A Contested Convention Is Exactly What the Democratic Party Needs
Bernie Sanders will go to Philadelphia with more pledged delegates than any insurgent in modern history. Here’s what he could do with them.
Joe Biden understands something about the Democratic Party and its future that his fellow partisans would do well to consider. “I don’t think any Democrat’s ever won saying, ‘We can’t think that big—we ought to really downsize here because it’s not realistic,’” the vice president told The New York Times in April. “C’mon man, this is the Democratic Party! I’m not part of the party that says, ‘Well, we can’t do it.’” Mocking Hillary Clinton’s criticism of Bernie Sanders for proposing bold reforms, Biden dismissed the politics of lowered expectations. “I like the idea of saying, ‘We can do much more,’ because we can,” he declared, leading the Times to observe that, while Biden wasn’t making an endorsement, “He’ll take Mr. Sanders’s aspirational approach over Mrs. Clinton’s caution any day.”
Unwittingly or not, Biden made an even better case than Sanders has for taking his insurgent campaign all the way to the Democratic convention in Philadelphia. If the party is going to run in 2016 on a “do much more” agenda—as opposed to triangulating around the center—the Vermont senator’s supporters and like-minded Democrats, including Clinton’s progressive backers, will have to force the issue. Taking the Sanders insurgency to the convention is the paramount vehicle for placing demands that are ideological and, as Biden’s comments suggest, also strategic.
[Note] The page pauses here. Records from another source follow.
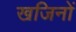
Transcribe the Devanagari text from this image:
खजिनों
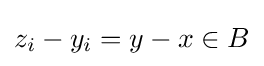
z_{i}-y_{i}=y-x\in B
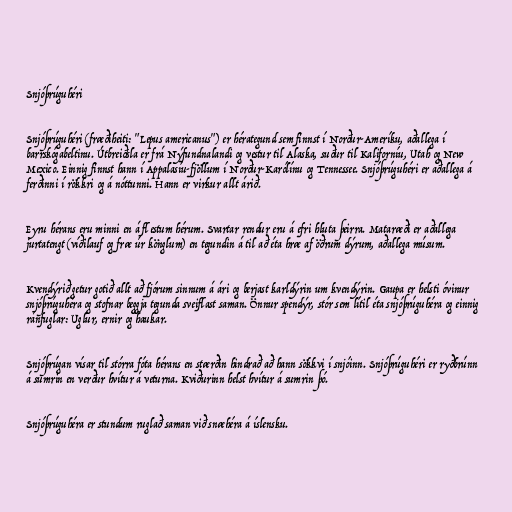
Snjóþrúguhéri

Snjóþrúguhéri (fræðiheiti: "Lepus americanus") er hérategund sem finnst í Norður-Ameríku, aðallega í
barrskógabeltinu. Útbreiðsla er frá Nýfundnalandi og vestur til Alaska, suður til Kaliforníu, Utah og New
Mexico. Einnig finnst hann í Appalasíu-fjöllum í Norður-Karólínu og Tennessee. Snjóþrúguhéri er aðallega á
ferðinni í rökkri og á nóttunni. Hann er virkur allt árið.

Eyru hérans eru minni en á flestum hérum. Svartar rendur eru á efri hluta þeirra. Mataræði er aðallega
jurtatengt (víðilauf og fræ úr könglum) en tegundin á til að éta hræ af öðrum dýrum, aðallega músum.

Kvendýrið getur gotið allt að fjórum sinnum á ári og berjast karldýrin um kvendýrin. Gaupa er helsti óvinur
snjóþrúguhéra og stofnar beggja tegunda sveiflast saman. Önnur spendýr, stór sem lítil éta snjóþrúguhéra og einnig
ránfuglar: Uglur, ernir og haukar.

Snjóþrúgan vísar til stórra fóta hérans en stærðin hindrað að hann sökkvi í snjóinn. Snjóþrúguhéri er ryðbrúnn
á sumrin en verður hvítur á veturna. Kviðurinn helst hvítur á sumrin þó.

Snjóþrúguhéra er stundum ruglað saman við snæhéra á íslensku.
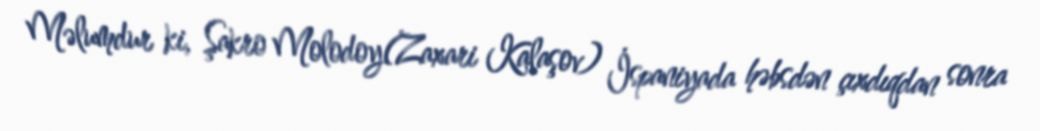
Məlumdur ki, Şakro Molodoy(Zaxari Kalaşov) İspaniyada həbsdən çıxdıqdan sonra
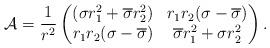
LaTeX: \begin{align*}\mathcal{A}= \frac{1}{r^{2}}\begin{pmatrix}(\sigma r_{1}^{2}+\overline{\sigma} r_{2}^{2}) & r_{1}r_{2}(\sigma-\overline{\sigma}) \\ r_{1}r_{2}(\sigma-\overline{\sigma}) & \overline{\sigma}r_{1}^{2}+ \sigma r_{2}^{2}\end{pmatrix}.\end{align*}
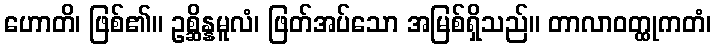
ဟောတိ၊ ဖြစ်၏။ ဥစ္ဆိန္နမူလံ၊ ဖြတ်အပ်သော အမြစ်ရှိသည်။ တာလာဝတ္ထုကတံ၊
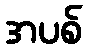
အပစ်
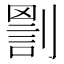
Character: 𠟑
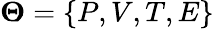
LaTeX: \boldsymbol{\Theta}=\{ P,V,T,E\}
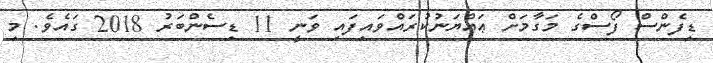
ޑިފެންސް ފޯސްގެ މަގާމަށް ޢައްޔަނުކުރައްވައިފައި ވަނީ 11 ޑިސެންބަރު 2018 ގައެވެ. މި
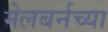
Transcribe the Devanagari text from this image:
मेलबर्नच्या
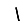
Digit: 1
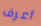
أعرف
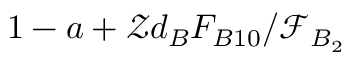
1 - a + \mathcal { Z } d _ { B } F _ { B 1 0 } / \mathcal { F } _ { B _ { 2 } }
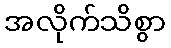
အလိုက်သိစွာ

That’s one reason why Sanders promised in a statement on April 26 to go to the convention with “as many delegates as possible to fight for a progressive party platform”—despite the fact that Clinton’s delegate advantage now all but guarantees that she will win the nomination.
What Sanders is proposing is a necessary quest—and a realistic one. Already, he is better positioned than any recent insurgent challenger to engage in rules and platform debates, as well as in dialogues about everything from the vice-presidential nomination to the character of the fall campaign. As veteran political analyst Rhodes Cook noted in a survey prepared for The Atlantic, by mid-April, Sanders had exceeded the overall vote totals and percentages of Howard Dean in 2004, Jesse Jackson in 1988, Gary Hart in 1984, and Ted Kennedy in 1980, among others. (While Barack Obama’s 2008 challenge to Clinton began as something of an insurgency, he eventually ran with the solid support of key party leaders like Kennedy.) By the time the District of Columbia votes on June 14, Sanders will have more pledged delegates than any challenger seeking to influence a national convention and its nominee since the party began to democratize its nominating process following the disastrous, boss-dominated convention of 1968.
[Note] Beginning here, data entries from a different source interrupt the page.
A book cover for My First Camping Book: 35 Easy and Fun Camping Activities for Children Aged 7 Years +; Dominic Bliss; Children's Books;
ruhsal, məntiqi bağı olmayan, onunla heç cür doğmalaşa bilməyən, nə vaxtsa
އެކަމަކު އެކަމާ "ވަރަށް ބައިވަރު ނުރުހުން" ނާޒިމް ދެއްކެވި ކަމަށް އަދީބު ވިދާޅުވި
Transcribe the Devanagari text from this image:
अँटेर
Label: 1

This new reality has Clinton supporters fretting about the prospect of a chaotic convention that could expose divisions within the party when it should be uniting for what increasing looks like a fall fight against Donald Trump. But a muscular appearance by Sanders and his delegates at the convention doesn’t have to lead to bitterness. Historically, contested conventions—not carefully choreographed coronations—have led parties and their nominees to take more audacious positions and to excite broader electoral coalitions.
“Conventions are where we come together, but you don’t really come together if you avoid differences,” says the Rev. Jesse Jackson, who has protested, attended, or spoken at nearly a dozen Democratic national conventions (and who has not endorsed a candidate in the primary race this year). “You start by understanding that it takes two wings to fly. If you have two strong wings—a wing that has won and a wing that has lost—you don’t deny the differences; you recognize them. You debate, find common ground, find ways to start working together for immediate goals—the next election—and for long-term goals that can mean as much to the nation as to the party.”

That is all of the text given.